The main problem is identifying people who run private businesses.
“There are more people who have much higher incomes that the government cannot cut from the plan, because it has no information about them,” says Jamshid Pajouyan, an economist.
“Identifying ineligible people with [the parliament’s] method is not precise. We must create a database that utilizes tax statements.”
However, this gap in information does not make expatriates or judges any more eligible for getting public money.
The administration questions the practicality of the parliamentary plan over data gaps. The scarcity of data on top earners has been the main challenge all along.  
“If we reduce our accuracy, finding and removing three deciles is possible,” says Seyyed Abolhassan Firouzabadi, deputy labor minister.
Officials are pitching the argument that by lowering accuracy and doing the parliament’s bidding, they risk cutting needy people from the subsidy plan.
“People may earn over 350 million rials a year, but also have greater expenses. For example, they may have a sick family member or kids in college, or they may be paying rent or a mortgage,” Government Spokesman Mohammad Baqer Nobakht told IRNA.
There should be debates about whether having kids in college or a mortgage you can afford with a salary double the average wage in urban areas makes you a person in need of government assistance. But, the core government argument is right.
“As handing out cash to the entire population was a wrong move, so is cutting people off with broad strokes,” said Ansari.

  Political Mischief
Hence, analysts believe the outgoing conservative lawmakers are pushing the cuts to alienate voters from the moderate administration of President Rouhani who faces reelection in a year.
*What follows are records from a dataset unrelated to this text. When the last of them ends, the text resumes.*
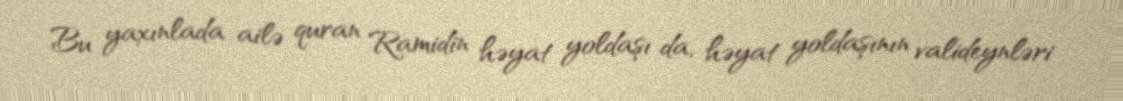
Bu yaxınlada ailə quran Ramidin həyat yoldaşı da, həyat yoldaşının valideynləri
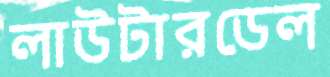
লাউটারডেল
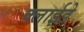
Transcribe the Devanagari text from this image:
क्लाईडे
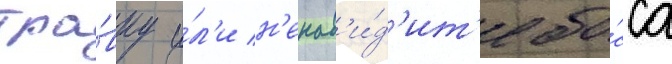
тра́вку и́л'и н'енав'и́д'ит'е бо́сса
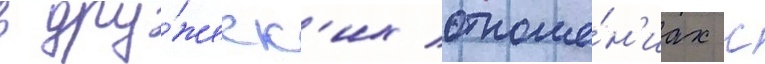
в дру́жеск'их отноше́н'иах с
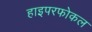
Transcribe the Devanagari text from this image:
हाइपरफोकल
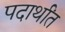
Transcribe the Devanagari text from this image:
पदार्थांंत
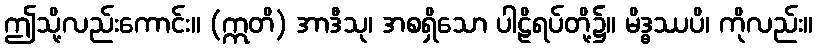
ဤသို့လည်းကောင်း။ (ဣတိ) အာဒီသု၊ အစရှိသော ပါဠိရပ်တို့၌။ မိဒ္ဓဿပိ၊ ကိုလည်း။
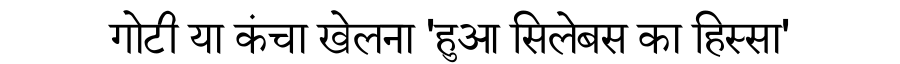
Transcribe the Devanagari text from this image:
गोटी या कंचा खेलना 'हुआ सिलेबस का हिस्सा'
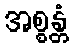
အစ္စန္တံ
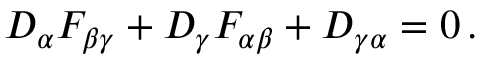
D _ { \alpha } F _ { \beta \gamma } + D _ { \gamma } F _ { \alpha \beta } + D _ { \gamma \alpha } = 0 \, .
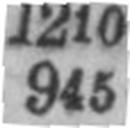
945
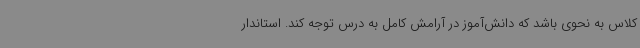
کلاس به نحوی باشد که دانش‌آموز در آرامش کامل به درس توجه کند. استاندار
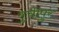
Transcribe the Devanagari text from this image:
बुचीपुर
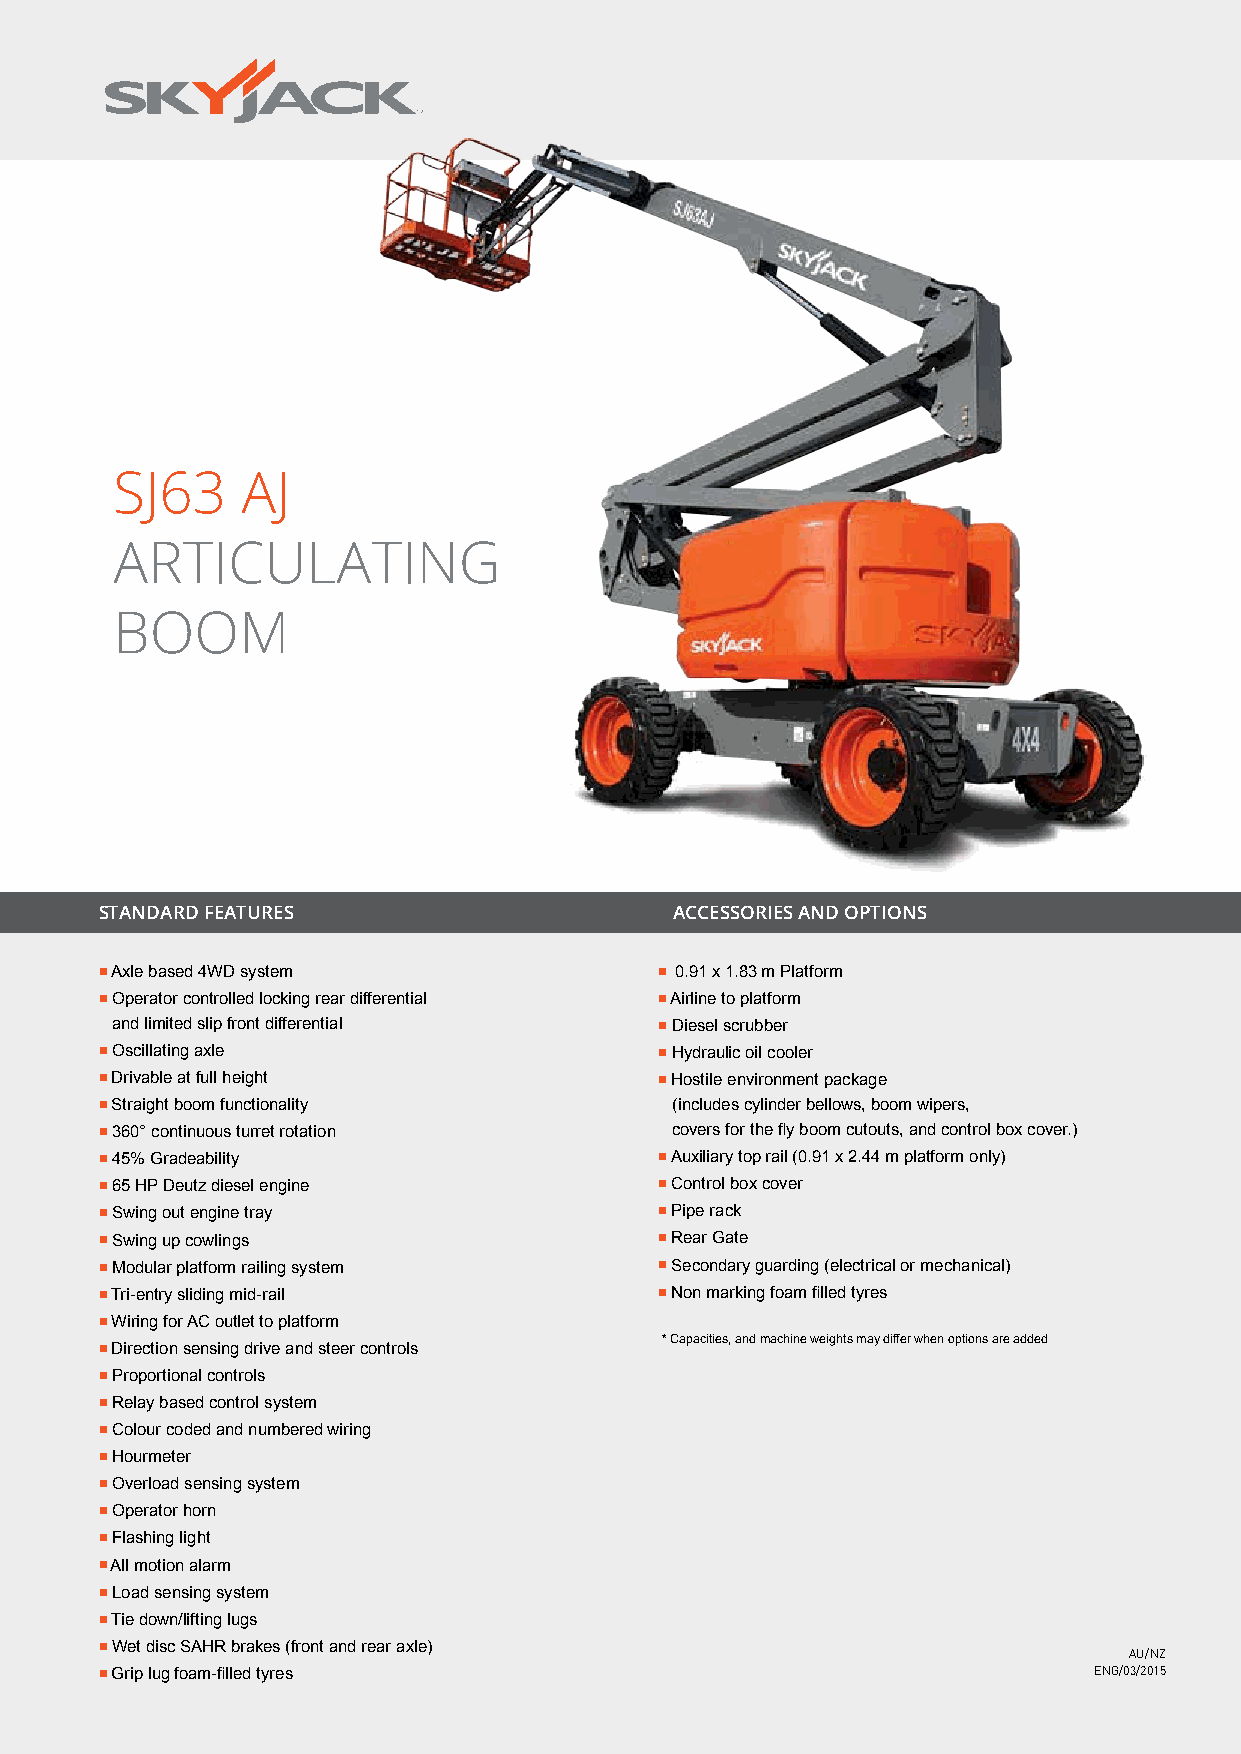
SJ63     AJ
 ARTICULATING
 BOOM
 STANDARD FEATURES                     ACCESSORIES AND OPTIONS
 ■ Axle based 4WD system              ■ 0.91 x 1.83 m Platform
 ■ Operator controlled locking rear differential ■ Airline to platform
 and limited slip front differential  ■ Diesel scrubber
 ■ Oscillating axle                   ■ Hydraulic oil cooler
 ■ Drivable at full height            ■ Hostile environment package
 ■ Straight boom functionality        (includes cylinder bellows, boom wipers,
 ■ 360° continuous turret rotation    covers for the fly boom cutouts, and control box cover.)
 ■ 45% Gradeability                   ■ Auxiliary top rail (0.91 x 2.44 m platform only)
 ■ 65 HP Deutz diesel engine          ■ Control box cover
 ■ Swing out engine tray              ■ Pipe rack
 ■ Swing up cowlings                  ■ Rear Gate
 ■ Modular platform railing system    ■ Secondary guarding (electrical or mechanical)
 ■ Tri-entry sliding mid-rail         ■ Non marking foam filled tyres
 ■ Wiring for AC outlet to platform
 * Capacities, and machine weights may differ when options are added
 ■ Direction sensing drive and steer controls
 ■ Proportional controls
 ■ Relay based control system
 ■ Colour coded and numbered wiring
 ■ Hourmeter
 ■ Overload sensing system
 ■ Operator horn
 ■ Flashing light
 ■ All motion alarm
 ■ Load sensing system
 ■ Tie down/lifting lugs
 ■ Wet disc SAHR brakes (front and rear axle)
 AU/NZ
 ■ Grip lug foam-filled tyres                                     ENG/03/2015
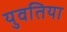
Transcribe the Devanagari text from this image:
युवतिया
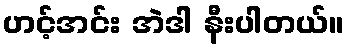
ဟင့်အင်း အဲဒါ နီးပါတယ်။
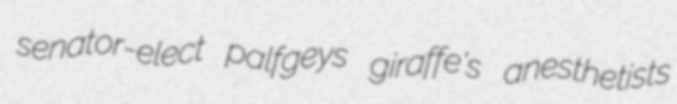
senator-elect palfgeys giraffe's anesthetists
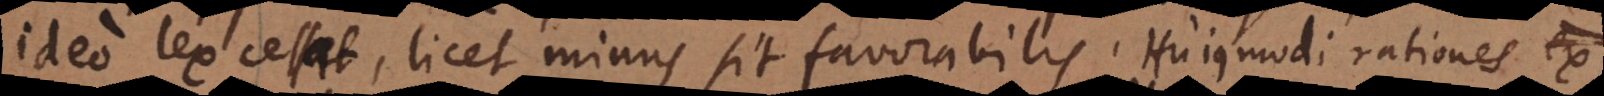
ideo lex cessat, licet minus sit favorabilis. Hujusmodi rationes
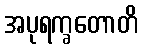
အပုရက္ခတောတိ
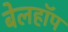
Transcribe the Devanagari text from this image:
बेलहॉप
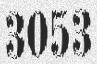
3053
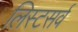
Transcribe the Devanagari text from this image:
लिस्टसर्व
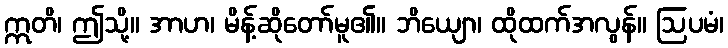
ဣတိ၊ ဤသို့။ အာဟ၊ မိန့်ဆိုတော်မူ၏။ ဘိယျော၊ ထိုထက်အလွန်။ ဩပမံ၊
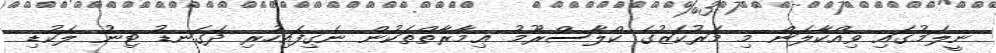
ނީލަމުގައި ވިއްކާލަން މި މަރުކަޒުގެ ކްލާސްރޫމު ޢިމާރާތްތަކުން ނެގިފައިހުރި ދަގަނޑު ޓިނު ލަކުޑި
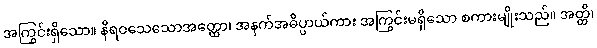
အကြွင်းရှိသော။ နိရဝသေသောအတ္ထော၊ အနက်အဓိပ္ပာယ်ကား အကြွင်းမရှိသော စကားမျိုးသည်။ အတ္ထိ၊
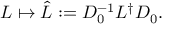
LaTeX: L \mapsto \hat { L } : = D _ { 0 } ^ { - 1 } L ^ { \dagger } D _ { 0 } .
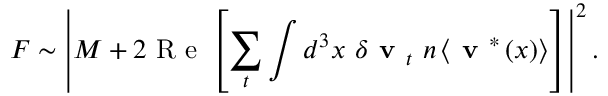
F \sim \left| M + 2 \mathrm { ~ R ~ e ~ } \left[ \sum _ { t } \int d ^ { 3 } x \ \delta \textbf { v } _ { t } \ n \left< \textbf { v } ^ { * } \left( x \right) \right> \right] \right| ^ { 2 } .

“I think barring 24 million people from getting subsidies in an election year is difficult for any government, irrespective of its logicality,” said Abdoh-Tabrizi.
He added that if lawmakers, “most of whom voted for the nationwide cash handout plan” at its inception, are not following a political agenda, “they are ignorant of the fact that carrying out such a plan borders on the impossible under the current circumstances”.
On the other hand, a counter argument could be made that the government is putting off executing an essential economic reform to an essentially populist blunder for fear of losing votes.
The government’s position is a precarious one. Public finances are in ruin and the cash handout plan is a large draw on a diminishing income.
“The government is facing a severe shortage of funds and is stuck between pursuing a 6% growth and paying cash handouts as before,” says former MP Hadi Haqshenas.
The government has to pick between economic growth and subsidies, regardless of the political costs or by weighing the political and economic costs of each plan, as is customary with politicians.